Teacher Li Xunlei once analyzed that the root cause of the fiscal problems in the United States is that in the past four decades of globalization, the multiple tax avoidance of multinational corporations and the wealthy has greatly reduced the government’s ability to obtain tax revenue. While multinational corporations and executives are grabbing a lot of benefits in the process of globalization, they reduce taxable income in the home country through complicated related transactions between subsidiaries in various countries, and transfer profits to countries with lower tax rates as much as possible, thereby realizing reasonable tax avoidance . In 2018, the average effective tax rate for the 400 wealthiest households in the United States was 23%, one percentage point lower than the 24.2% for the bottom 50% of households in the United States. In other words, while enjoying the dividends of globalization, the affluent class refuses to bear related responsibilities. The US fiscal problem is also another manifestation of the increasing polarization between rich and poor.

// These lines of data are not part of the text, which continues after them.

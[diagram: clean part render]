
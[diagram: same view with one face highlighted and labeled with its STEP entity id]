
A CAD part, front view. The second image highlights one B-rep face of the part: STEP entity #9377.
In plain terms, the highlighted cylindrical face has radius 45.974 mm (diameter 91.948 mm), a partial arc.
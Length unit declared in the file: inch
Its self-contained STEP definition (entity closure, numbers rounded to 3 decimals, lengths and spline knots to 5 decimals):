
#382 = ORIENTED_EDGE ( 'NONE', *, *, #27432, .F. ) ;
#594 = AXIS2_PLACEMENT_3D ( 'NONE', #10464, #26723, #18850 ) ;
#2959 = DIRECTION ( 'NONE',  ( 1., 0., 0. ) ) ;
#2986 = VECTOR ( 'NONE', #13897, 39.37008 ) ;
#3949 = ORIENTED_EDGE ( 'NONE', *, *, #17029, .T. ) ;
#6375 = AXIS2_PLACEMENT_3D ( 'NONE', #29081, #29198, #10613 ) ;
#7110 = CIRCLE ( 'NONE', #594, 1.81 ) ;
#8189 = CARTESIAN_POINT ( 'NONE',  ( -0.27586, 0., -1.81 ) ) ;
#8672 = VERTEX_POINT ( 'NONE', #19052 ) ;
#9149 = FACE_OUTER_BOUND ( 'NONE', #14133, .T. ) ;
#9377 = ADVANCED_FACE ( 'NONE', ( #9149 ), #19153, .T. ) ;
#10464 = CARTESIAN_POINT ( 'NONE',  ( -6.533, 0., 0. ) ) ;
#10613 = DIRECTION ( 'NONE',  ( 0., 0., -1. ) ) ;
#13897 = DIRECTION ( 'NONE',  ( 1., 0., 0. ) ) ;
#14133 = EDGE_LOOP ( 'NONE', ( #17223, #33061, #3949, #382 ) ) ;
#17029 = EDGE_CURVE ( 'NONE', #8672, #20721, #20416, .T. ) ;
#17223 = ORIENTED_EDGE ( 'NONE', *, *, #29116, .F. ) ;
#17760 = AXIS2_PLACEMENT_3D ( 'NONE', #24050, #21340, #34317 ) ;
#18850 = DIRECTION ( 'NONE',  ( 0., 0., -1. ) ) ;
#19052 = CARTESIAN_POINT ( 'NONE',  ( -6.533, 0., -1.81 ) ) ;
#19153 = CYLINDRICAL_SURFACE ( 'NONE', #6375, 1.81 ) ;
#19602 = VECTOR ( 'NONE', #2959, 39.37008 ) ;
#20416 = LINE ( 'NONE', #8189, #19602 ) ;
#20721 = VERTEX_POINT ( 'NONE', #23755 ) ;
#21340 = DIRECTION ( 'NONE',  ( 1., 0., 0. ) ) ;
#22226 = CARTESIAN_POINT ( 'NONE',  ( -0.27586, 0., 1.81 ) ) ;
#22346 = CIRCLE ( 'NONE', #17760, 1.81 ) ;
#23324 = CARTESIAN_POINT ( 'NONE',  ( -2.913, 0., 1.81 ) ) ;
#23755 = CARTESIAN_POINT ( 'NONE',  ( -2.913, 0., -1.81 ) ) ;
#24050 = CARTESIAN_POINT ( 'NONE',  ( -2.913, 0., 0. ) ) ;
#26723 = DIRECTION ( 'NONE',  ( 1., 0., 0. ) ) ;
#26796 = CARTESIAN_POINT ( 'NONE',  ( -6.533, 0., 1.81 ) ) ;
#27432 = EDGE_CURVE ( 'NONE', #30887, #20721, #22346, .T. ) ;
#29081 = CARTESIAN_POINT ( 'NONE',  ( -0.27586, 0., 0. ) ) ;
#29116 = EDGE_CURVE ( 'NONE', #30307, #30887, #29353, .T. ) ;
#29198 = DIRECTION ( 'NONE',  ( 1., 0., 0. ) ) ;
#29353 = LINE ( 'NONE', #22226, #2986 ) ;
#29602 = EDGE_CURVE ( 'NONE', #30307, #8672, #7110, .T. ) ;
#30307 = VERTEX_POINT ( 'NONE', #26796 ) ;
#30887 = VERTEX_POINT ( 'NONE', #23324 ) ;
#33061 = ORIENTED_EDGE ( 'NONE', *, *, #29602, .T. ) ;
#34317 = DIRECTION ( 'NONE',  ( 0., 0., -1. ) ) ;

What is the impact on the stock market?

GF Macro’s Zhang Jingjing team previously analyzed that in March, the Biden administration kept revealing the details of infrastructure and tax increase policies? The Biden administration may intend to release risks in US stocks during the year.

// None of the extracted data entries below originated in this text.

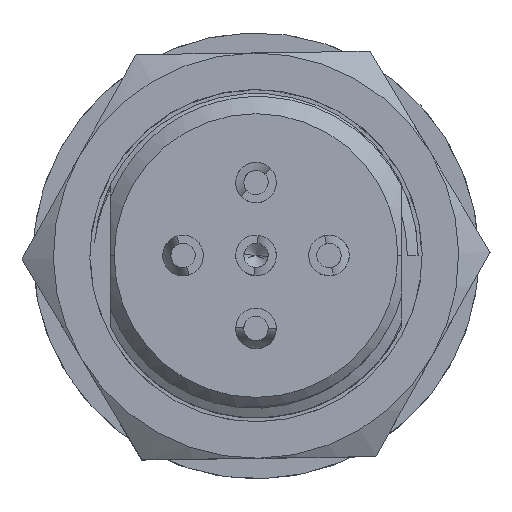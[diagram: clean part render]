
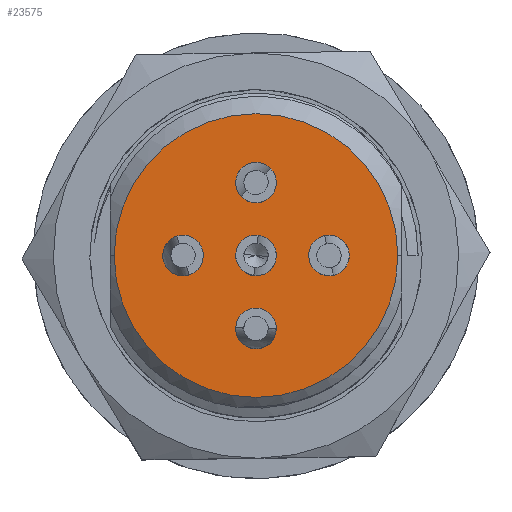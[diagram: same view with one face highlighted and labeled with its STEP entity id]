
A CAD part, top view. The second image highlights one B-rep face of the part: STEP entity #23575.
In plain terms, the highlighted planar face has unit normal (0, 0, 1).
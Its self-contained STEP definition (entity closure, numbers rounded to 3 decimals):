
#667 = CARTESIAN_POINT ( 'NONE',  ( -1.324, 0.154, 0. ) ) ;
#805 = VERTEX_POINT ( 'NONE', #32329 ) ;
#1462 = EDGE_LOOP ( 'NONE', ( #26894, #28291 ) ) ;
#1695 = CARTESIAN_POINT ( 'NONE',  ( 0.339, 1.433, 0. ) ) ;
#1813 = CARTESIAN_POINT ( 'NONE',  ( 1.8, 0., 0. ) ) ;
#1988 = CARTESIAN_POINT ( 'NONE',  ( 0., 1.8, 0. ) ) ;
#2178 = AXIS2_PLACEMENT_3D ( 'NONE', #31258, #10725, #10549 ) ;
#2588 = VERTEX_POINT ( 'NONE', #2825 ) ;
#2744 = AXIS2_PLACEMENT_3D ( 'NONE', #28116, #18263, #27969 ) ;
#2825 = CARTESIAN_POINT ( 'NONE',  ( -0.339, 2.167, 0. ) ) ;
#3008 = FACE_BOUND ( 'NONE', #27054, .T. ) ;
#3339 = EDGE_CURVE ( 'NONE', #10214, #13254, #19600, .T. ) ;
#4060 = EDGE_LOOP ( 'NONE', ( #20945, #12771 ) ) ;
#4348 = CIRCLE ( 'NONE', #18799, 0.5 ) ;
#4902 = ORIENTED_EDGE ( 'NONE', *, *, #26629, .T. ) ;
#5016 = DIRECTION ( 'NONE',  ( 1., 0., 0. ) ) ;
#5317 = CIRCLE ( 'NONE', #24000, 3.5 ) ;
#5813 = AXIS2_PLACEMENT_3D ( 'NONE', #15112, #22923, #25446 ) ;
#6113 = EDGE_CURVE ( 'NONE', #2588, #16010, #9776, .T. ) ;
#6273 = AXIS2_PLACEMENT_3D ( 'NONE', #28768, #24070, #29254 ) ;
#6365 = CIRCLE ( 'NONE', #11708, 0.5 ) ;
#7243 = EDGE_LOOP ( 'NONE', ( #13597, #4902 ) ) ;
#7347 = DIRECTION ( 'NONE',  ( 1., 0., 0. ) ) ;
#8018 = DIRECTION ( 'NONE',  ( 1., 0., 0. ) ) ;
#8610 = ORIENTED_EDGE ( 'NONE', *, *, #13728, .T. ) ;
#8622 = DIRECTION ( 'NONE',  ( 0., 0., -1. ) ) ;
#9107 = VERTEX_POINT ( 'NONE', #24873 ) ;
#9776 = CIRCLE ( 'NONE', #28465, 0.5 ) ;
#9785 = AXIS2_PLACEMENT_3D ( 'NONE', #1988, #17741, #5016 ) ;
#10214 = VERTEX_POINT ( 'NONE', #21490 ) ;
#10508 = ORIENTED_EDGE ( 'NONE', *, *, #27543, .F. ) ;
#10510 = DIRECTION ( 'NONE',  ( 1., 0., 0. ) ) ;
#10532 = AXIS2_PLACEMENT_3D ( 'NONE', #29368, #21646, #22312 ) ;
#10549 = DIRECTION ( 'NONE',  ( 1., 0., 0. ) ) ;
#10725 = DIRECTION ( 'NONE',  ( 0., 0., 1. ) ) ;
#10905 = EDGE_CURVE ( 'NONE', #9107, #18110, #26760, .T. ) ;
#11023 = DIRECTION ( 'NONE',  ( 0., 0., -1. ) ) ;
#11370 = VERTEX_POINT ( 'NONE', #14758 ) ;
#11708 = AXIS2_PLACEMENT_3D ( 'NONE', #28743, #11023, #18224 ) ;
#12199 = EDGE_CURVE ( 'NONE', #18110, #9107, #25793, .T. ) ;
#12368 = EDGE_CURVE ( 'NONE', #16010, #2588, #17828, .T. ) ;
#12771 = ORIENTED_EDGE ( 'NONE', *, *, #3339, .T. ) ;
#13038 = CARTESIAN_POINT ( 'NONE',  ( 0., 0., 0. ) ) ;
#13231 = FACE_BOUND ( 'NONE', #7243, .T. ) ;
#13254 = VERTEX_POINT ( 'NONE', #18493 ) ;
#13597 = ORIENTED_EDGE ( 'NONE', *, *, #14261, .T. ) ;
#13728 = EDGE_CURVE ( 'NONE', #22621, #11370, #16494, .T. ) ;
#13987 = CARTESIAN_POINT ( 'NONE',  ( -1.8, 0., 0. ) ) ;
#14261 = EDGE_CURVE ( 'NONE', #23501, #17107, #6365, .T. ) ;
#14723 = CARTESIAN_POINT ( 'NONE',  ( 0., -1.8, 0. ) ) ;
#14758 = CARTESIAN_POINT ( 'NONE',  ( 2.288, 0.109, 0. ) ) ;
#15112 = CARTESIAN_POINT ( 'NONE',  ( 1.8, 0., 0. ) ) ;
#15270 = EDGE_CURVE ( 'NONE', #13254, #10214, #5317, .T. ) ;
#15885 = AXIS2_PLACEMENT_3D ( 'NONE', #1813, #22556, #7347 ) ;
#16005 = VERTEX_POINT ( 'NONE', #29623 ) ;
#16010 = VERTEX_POINT ( 'NONE', #1695 ) ;
#16494 = CIRCLE ( 'NONE', #5813, 0.5 ) ;
#17061 = ORIENTED_EDGE ( 'NONE', *, *, #25182, .F. ) ;
#17107 = VERTEX_POINT ( 'NONE', #19463 ) ;
#17576 = CARTESIAN_POINT ( 'NONE',  ( 0.016, -1.3, 0. ) ) ;
#17741 = DIRECTION ( 'NONE',  ( 0., 0., 1. ) ) ;
#17828 = CIRCLE ( 'NONE', #9785, 0.5 ) ;
#18110 = VERTEX_POINT ( 'NONE', #17576 ) ;
#18208 = EDGE_LOOP ( 'NONE', ( #8610, #28358 ) ) ;
#18224 = DIRECTION ( 'NONE',  ( 1., 0., 0. ) ) ;
#18263 = DIRECTION ( 'NONE',  ( 0., 0., 1. ) ) ;
#18493 = CARTESIAN_POINT ( 'NONE',  ( -3.5, 0., 0. ) ) ;
#18732 = PLANE ( 'NONE',  #6273 ) ;
#18799 = AXIS2_PLACEMENT_3D ( 'NONE', #13987, #8622, #29354 ) ;
#19463 = CARTESIAN_POINT ( 'NONE',  ( -2.276, -0.154, 0. ) ) ;
#19600 = CIRCLE ( 'NONE', #10532, 3.5 ) ;
#19727 = DIRECTION ( 'NONE',  ( 1., 0., 0. ) ) ;
#19784 = ORIENTED_EDGE ( 'NONE', *, *, #12199, .F. ) ;
#20223 = DIRECTION ( 'NONE',  ( 0., 0., 1. ) ) ;
#20395 = CARTESIAN_POINT ( 'NONE',  ( 0., 1.8, 0. ) ) ;
#20945 = ORIENTED_EDGE ( 'NONE', *, *, #15270, .T. ) ;
#21055 = FACE_BOUND ( 'NONE', #18208, .T. ) ;
#21399 = AXIS2_PLACEMENT_3D ( 'NONE', #25726, #30568, #28064 ) ;
#21490 = CARTESIAN_POINT ( 'NONE',  ( 3.5, 0., 0. ) ) ;
#21646 = DIRECTION ( 'NONE',  ( 0., 0., 1. ) ) ;
#21649 = ORIENTED_EDGE ( 'NONE', *, *, #10905, .F. ) ;
#22312 = DIRECTION ( 'NONE',  ( 1., 0., 0. ) ) ;
#22556 = DIRECTION ( 'NONE',  ( 0., 0., -1. ) ) ;
#22594 = AXIS2_PLACEMENT_3D ( 'NONE', #14723, #20223, #19727 ) ;
#22621 = VERTEX_POINT ( 'NONE', #30570 ) ;
#22923 = DIRECTION ( 'NONE',  ( 0., 0., -1. ) ) ;
#23214 = DIRECTION ( 'NONE',  ( 0., 0., 1. ) ) ;
#23501 = VERTEX_POINT ( 'NONE', #667 ) ;
#23575 = ADVANCED_FACE ( 'NONE', ( #28600, #3008, #23582, #13231, #21055, #31430 ), #18732, .T. ) ;
#23582 = FACE_BOUND ( 'NONE', #29968, .T. ) ;
#24000 = AXIS2_PLACEMENT_3D ( 'NONE', #13038, #23214, #10510 ) ;
#24070 = DIRECTION ( 'NONE',  ( 0., 0., 1. ) ) ;
#24873 = CARTESIAN_POINT ( 'NONE',  ( -0.016, -2.3, 0. ) ) ;
#25182 = EDGE_CURVE ( 'NONE', #805, #16005, #27282, .T. ) ;
#25446 = DIRECTION ( 'NONE',  ( 1., 0., 0. ) ) ;
#25726 = CARTESIAN_POINT ( 'NONE',  ( 0., 0., 0. ) ) ;
#25793 = CIRCLE ( 'NONE', #22594, 0.5 ) ;
#26629 = EDGE_CURVE ( 'NONE', #17107, #23501, #4348, .T. ) ;
#26760 = CIRCLE ( 'NONE', #2744, 0.5 ) ;
#26894 = ORIENTED_EDGE ( 'NONE', *, *, #12368, .F. ) ;
#27054 = EDGE_LOOP ( 'NONE', ( #10508, #17061 ) ) ;
#27282 = CIRCLE ( 'NONE', #21399, 0.5 ) ;
#27543 = EDGE_CURVE ( 'NONE', #16005, #805, #28867, .T. ) ;
#27969 = DIRECTION ( 'NONE',  ( 1., 0., 0. ) ) ;
#28064 = DIRECTION ( 'NONE',  ( 1., 0., 0. ) ) ;
#28116 = CARTESIAN_POINT ( 'NONE',  ( 0., -1.8, 0. ) ) ;
#28291 = ORIENTED_EDGE ( 'NONE', *, *, #6113, .F. ) ;
#28358 = ORIENTED_EDGE ( 'NONE', *, *, #29165, .T. ) ;
#28465 = AXIS2_PLACEMENT_3D ( 'NONE', #20395, #30590, #8018 ) ;
#28600 = FACE_OUTER_BOUND ( 'NONE', #4060, .T. ) ;
#28743 = CARTESIAN_POINT ( 'NONE',  ( -1.8, 0., 0. ) ) ;
#28768 = CARTESIAN_POINT ( 'NONE',  ( -3.63, 3.63, 0. ) ) ;
#28867 = CIRCLE ( 'NONE', #2178, 0.5 ) ;
#29165 = EDGE_CURVE ( 'NONE', #11370, #22621, #31356, .T. ) ;
#29254 = DIRECTION ( 'NONE',  ( 1., 0., 0. ) ) ;
#29354 = DIRECTION ( 'NONE',  ( 1., 0., 0. ) ) ;
#29368 = CARTESIAN_POINT ( 'NONE',  ( 0., 0., 0. ) ) ;
#29623 = CARTESIAN_POINT ( 'NONE',  ( -0.497, 0.052, 0. ) ) ;
#29968 = EDGE_LOOP ( 'NONE', ( #19784, #21649 ) ) ;
#30568 = DIRECTION ( 'NONE',  ( 0., 0., 1. ) ) ;
#30570 = CARTESIAN_POINT ( 'NONE',  ( 1.312, -0.109, 0. ) ) ;
#30590 = DIRECTION ( 'NONE',  ( 0., 0., 1. ) ) ;
#31258 = CARTESIAN_POINT ( 'NONE',  ( 0., 0., 0. ) ) ;
#31356 = CIRCLE ( 'NONE', #15885, 0.5 ) ;
#31430 = FACE_BOUND ( 'NONE', #1462, .T. ) ;
#32329 = CARTESIAN_POINT ( 'NONE',  ( 0.497, -0.052, 0. ) ) ;

Infrastructure and tax increases may end the bull market logic in US stocks after the financial crisis. The financial crisis caused the U.S. real estate bubble to burst. The subsequent low interest rate environment and tax cuts stimulated U.S. stock repurchases and created a U.S. stock technology bull market. The ultra-low interest rates during Trump’s tenure also made U.S. stock valuations continue to refresh and the Nasdaq bubble burst. After the new high. Infrastructure construction will stimulate the real economy, and superimposed real estate is still in an upward cycle. It is expected that the US inflation center will be higher than before the epidemic (2012-2020) in the next 5-8 years, and inflation factors will have a positive impact on risk-free interest rates. Tax increases will weaken corporate profits and repurchase willingness.

In the third quarter, the Fed is likely to cut QE, and then there will be greater risk of US equity adjustment; Biden revealed details of infrastructure and tax increases or intends to release US stock risks during the year. In other words, in the context of high valuations and monetary policy changes, Q3 US stocks inherently have greater risk of adjustment. At present, the Biden administration continues to release details of tax increases and infrastructure policies or deliberately releases negative signals in advance and squeezes out the U.S. stock bubble when the monetary policy is officially turned.

Once the risks of US stocks clear up and regain gains next year, the Democratic Party’s victory in the 2022 midterm elections will also increase. Since the 1980s, U.S. stocks have the highest probability of falling in the first two years of each presidential term. Although there are economic factors, it also shows that the previous presidents were least concerned about the performance of U.S. stocks in the early days of office. On the contrary, the decline can depress the base and deliver better performance in the middle of their administration. Transcript”.